In 2025, tech startups across the continent attracted around $4.1 billion in combined equity and debt, with the fintech segment still the largest equity segment. In short, there is a significant opportunity in a market that’s far from saturated.

There are, says McKinsey, a plethora of untapped opportunities that include cross-border payments, SME lending and embedded, sector-specific solutions.

However, says Mandla Mbonambi, CEO of Africonology, fintech innovation is outpacing the sector’s ability to plug it into old systems.

“As a result, the real constraint to change has become integration,” he continues. “Legacy systems were not designed for real-time, API-driven products and data is scattered across channels and back-office systems, limiting personalisation and cross-sell opportunities, as well as governance, security and efficiencies.”

While on the one hand, the market has depth, velocity, and real-world relevance, on the other, it is entering a complex phase of growth in which its essential fintech integration is being implemented correctly. And this is where the real bottleneck now sits.

As instant payments, digital wallets, embedded finance and platform-based services accelerate, many companies are still trying to push modern experiences through ageing core banking systems, fragmented data estates and integration layers held together by workarounds.

Banks, mobile money operators, remittance companies and fintechs are increasingly offering new ways of banking and accessing funds, particularly around cross-border payments. Still, these solutions are also fragmented with high costs and delays.

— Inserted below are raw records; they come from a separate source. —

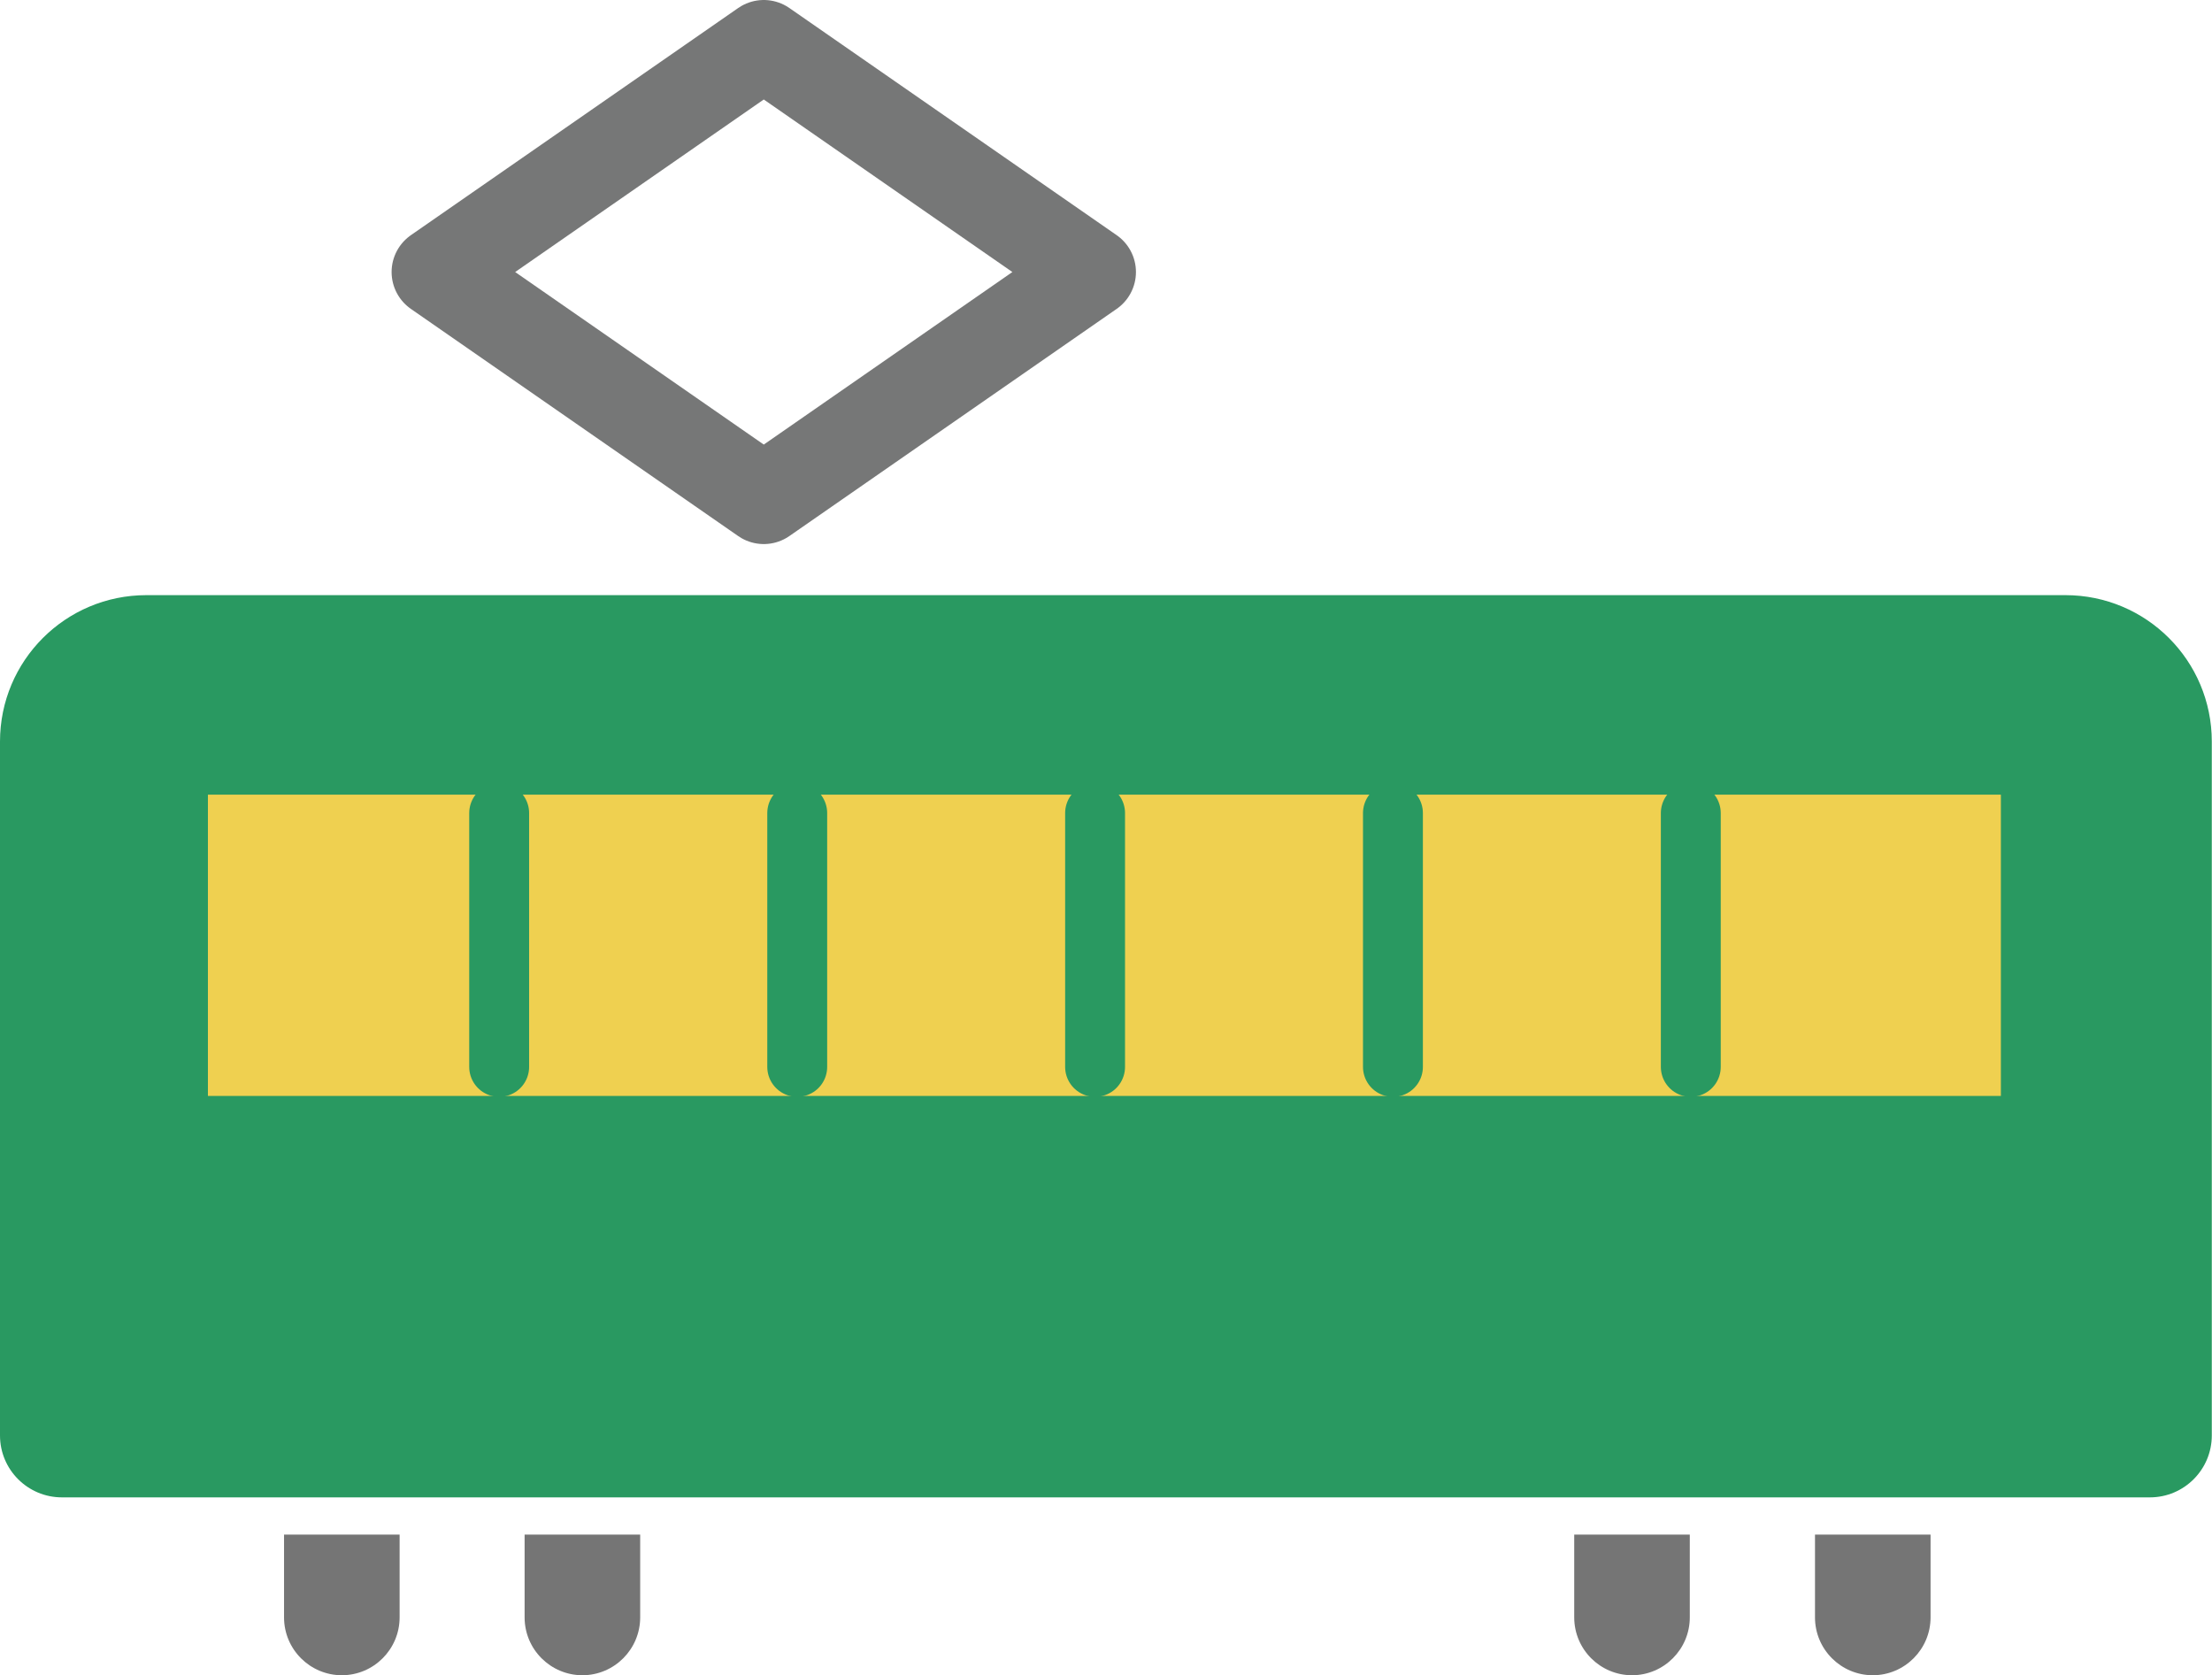 <?xml version="1.0" encoding="UTF-8"?>
<svg id="_レイヤー_2" data-name="レイヤー 2" xmlns="http://www.w3.org/2000/svg" viewBox="0 0 110.43 83.63">
  <defs>
    <style>
      .cls-1 {
        fill: #757575;
      }

      .cls-2 {
        stroke: #299961;
        stroke-width: 2.99px;
      }

      .cls-2, .cls-3 {
        fill: none;
        stroke-linecap: round;
        stroke-linejoin: round;
      }

      .cls-4 {
        fill: #efd050;
      }

      .cls-5 {
        fill: #299961;
      }

      .cls-3 {
        stroke: #767777;
        stroke-width: 4.48px;
      }
    </style>
  </defs>
  <g id="top1">
    <g>
      <path class="cls-5" d="M107.35,74.75H3.09c-1.7,0-3.09-1.38-3.09-3.09v-34.64c0-4.04,3.27-7.31,7.31-7.31h95.8c4.04,0,7.31,3.27,7.31,7.31v34.64c0,1.7-1.38,3.09-3.09,3.09Z"/>
      <polygon class="cls-3" points="54.47 13.58 38.13 24.92 21.79 13.58 38.13 2.24 54.47 13.58"/>
      <path class="cls-1" d="M17.07,83.63h0c-1.59,0-2.89-1.29-2.89-2.89v-4.13h5.77v4.13c0,1.59-1.29,2.89-2.89,2.89Z"/>
      <path class="cls-1" d="M29.08,83.63h0c-1.59,0-2.89-1.29-2.89-2.89v-4.13h5.77v4.13c0,1.59-1.29,2.89-2.89,2.89Z"/>
      <path class="cls-1" d="M81.48,83.63h0c-1.59,0-2.89-1.29-2.89-2.89v-4.13h5.77v4.13c0,1.59-1.29,2.89-2.89,2.89Z"/>
      <path class="cls-1" d="M93.5,83.63h0c-1.59,0-2.89-1.29-2.89-2.89v-4.13h5.77v4.13c0,1.59-1.29,2.89-2.89,2.89Z"/>
      <rect class="cls-4" x="10.38" y="39.67" width="89.51" height="15.04"/>
      <line class="cls-2" x1="24.92" y1="40.59" x2="24.92" y2="53.26"/>
      <line class="cls-2" x1="39.8" y1="40.59" x2="39.8" y2="53.26"/>
      <line class="cls-2" x1="54.67" y1="40.59" x2="54.67" y2="53.26"/>
      <line class="cls-2" x1="69.54" y1="40.59" x2="69.54" y2="53.26"/>
      <line class="cls-2" x1="84.41" y1="40.59" x2="84.41" y2="53.26"/>
    </g>
  </g>
</svg>

“This is not a pressure unique to Africa,” says Mbonambi. “But it is particularly important here because the continent has moved so rapidly in financial innovation. If Africa wants to continue leading in this sector, integration has to become a strategic priority. Legacy system integration is a persistent obstacle, with challenges that include poorly managed data migration, incompatible system architectures, and insufficient testing protocols.”

Companies need a strategic framework that aligns technology investments with business objectives while still ensuring smooth integration across the enterprise. Innovation at the front end has become relatively easy to showcase. A new lending feature, a smarter onboarding

journey, a slicker payments interface, and an AI-driven customer layer are visible wins. The harder work happens underneath, where systems need to talk to one another cleanly and reliably.

MuleSoft’s 2025 Connectivity Benchmark shows how widespread this issue has become: the average enterprise now runs 897 applications, yet only 29% are integrated, and 90% say data silos are creating business obstacles.

With IT teams spending close to 40% of their time designing, building, and testing custom integrations, it’s clear that integration debt has become one of the biggest brakes on digital and AI initiatives.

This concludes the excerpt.